# Vets Eligibility Extension Question



## redemption05 (Nov 11, 2005)

I am looking for some clarification in regards to the following law which is posted on the civil service website. 

"Pursuant to Chapter 708 of the Acts of 1941, an applicant who is activated to full-time active duty after he/she passes a civil service exam or after his/her name is placed on an eligible list, may request in writing within six months upon his/her return from active duty, to the Human Resources Division to extend his/her eligibility for a period equal to the period of eligibility remaining at the time he/she commences active military duty."

My question is, does this law only apply to reservists?? For example, an active duty service member receives a card while on active duty, shortly thereafter the city goes into a hiring freeze and decides not to hire, and the list expires. Can the service member request an extension for the certified list off of which they received a card???

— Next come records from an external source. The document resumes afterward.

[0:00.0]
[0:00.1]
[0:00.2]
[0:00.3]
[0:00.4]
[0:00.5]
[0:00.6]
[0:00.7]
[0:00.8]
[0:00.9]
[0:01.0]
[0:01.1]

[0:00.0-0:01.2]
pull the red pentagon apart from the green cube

Any advice would be greatly appreciated. Thank you.


----------



## MKellyIrish (Apr 1, 2009)

I'm in the same boat here. I'm currently on an elgible list that is due to expire whenever the new list from the 2009 exam comes out this november.when the new list does come out can I can extend my eligibility from the 2007 exam onto the 2009 list for the same town since I went active duty in Nov 2007?


----------



## Irishpride (May 5, 2002)

redemption05 said:


> For example, an active duty service member receives a card while on active duty, shortly thereafter the city goes into a hiring freeze and decides not to hire, and the list expires. Can the service member request an extension for the certified list off of which they received a card???

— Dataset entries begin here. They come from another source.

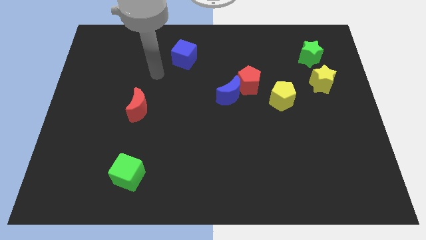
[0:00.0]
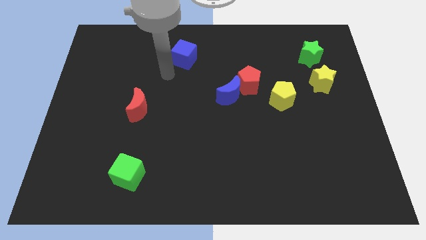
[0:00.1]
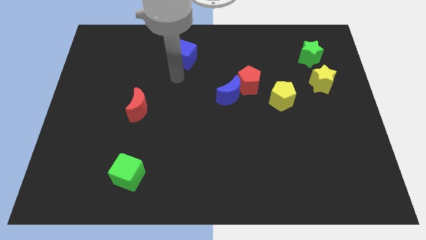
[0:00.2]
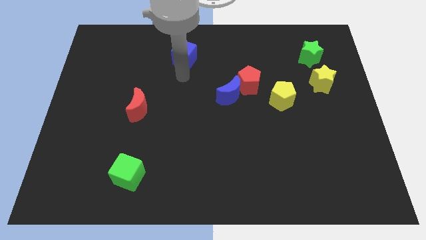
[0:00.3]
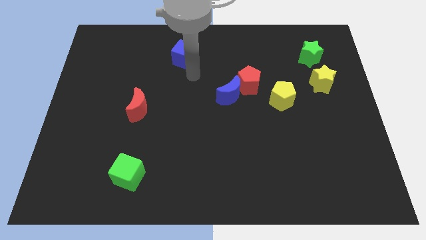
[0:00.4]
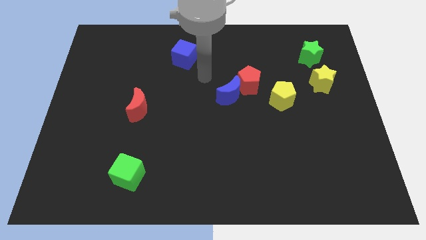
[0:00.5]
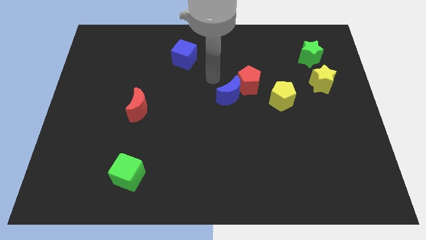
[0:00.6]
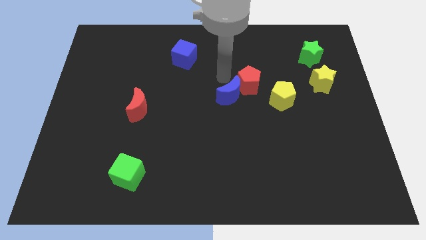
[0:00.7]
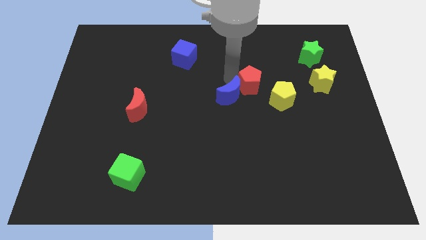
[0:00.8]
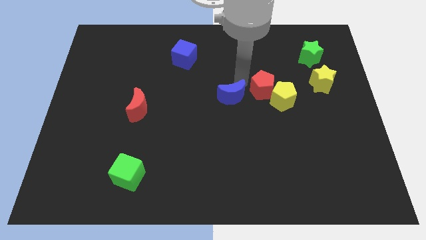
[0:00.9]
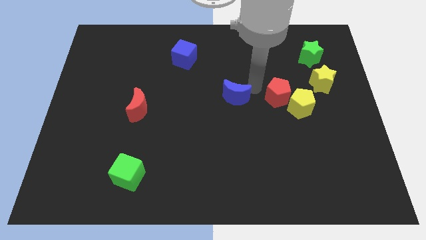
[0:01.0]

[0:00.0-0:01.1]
pull the blue moon apart from the red pentagon

As I understand it, once an appointing authority decides it does not have the funds for the position and they do not take a name off of that cert. in 12 weeks the list is vacated. If the town wants to hire at a later date they need to request a new certification from CS. The extension is designed for when the position is going to be filled, which in the example you gave it is not. Basically there is nothing to extend because the certification is shitcanned.


----------



## MetrowestPD (Oct 21, 2008)

I agree with Irish, as I understand once the new list is out the old one is shit canned. The extension is for an eligible list.


----------



## MKellyIrish (Apr 1, 2009)

Ok so I am number 1 in my town right now on the list off the 2007 police exam.Shortly after the 2007 exam I changed my residency to boston and went active duty in the military.I know for a fact that the town I lived in is going to be hiring in the next 6 months the problem is when I take the 2009 make-up exam I won't have prefrence in that town anymore and they could be hiring off that list.But that law states if you go active duty after you either pass the exam or was placed on an elgible list which I was that I can extend my elgibility to the amount of time that was remaining when I went active duty. So if I went active duty in Nov 2007 and the list doesn't run up until say Nov 09. Won't I be extended onto the new list if they decide to hire off it because of the time I had remaining when I went active?


----------



## redemption05 (Nov 11, 2005)

Thank you for the input. I'm trying to acquire more info from civil service although I haven't been too successful in dealing with them thus far. Thanks again.


----------



## MKellyIrish (Apr 1, 2009)

Talked to civil service today. Bottom line if you either passed an exam and or was put on an elgible list and then went active duty, whatever time that was left on that exam when you went active duty will be your extension when you return. So if you had 6 months left on that exam until it expired when you come back that 6 months can or will be extended onto the new exam for that period of time


----------



## redemption05 (Nov 11, 2005)

Thanks for the info Irish. Unfortunately it doesn't help me. I was already active duty when I received my card. Good luck to you.


----------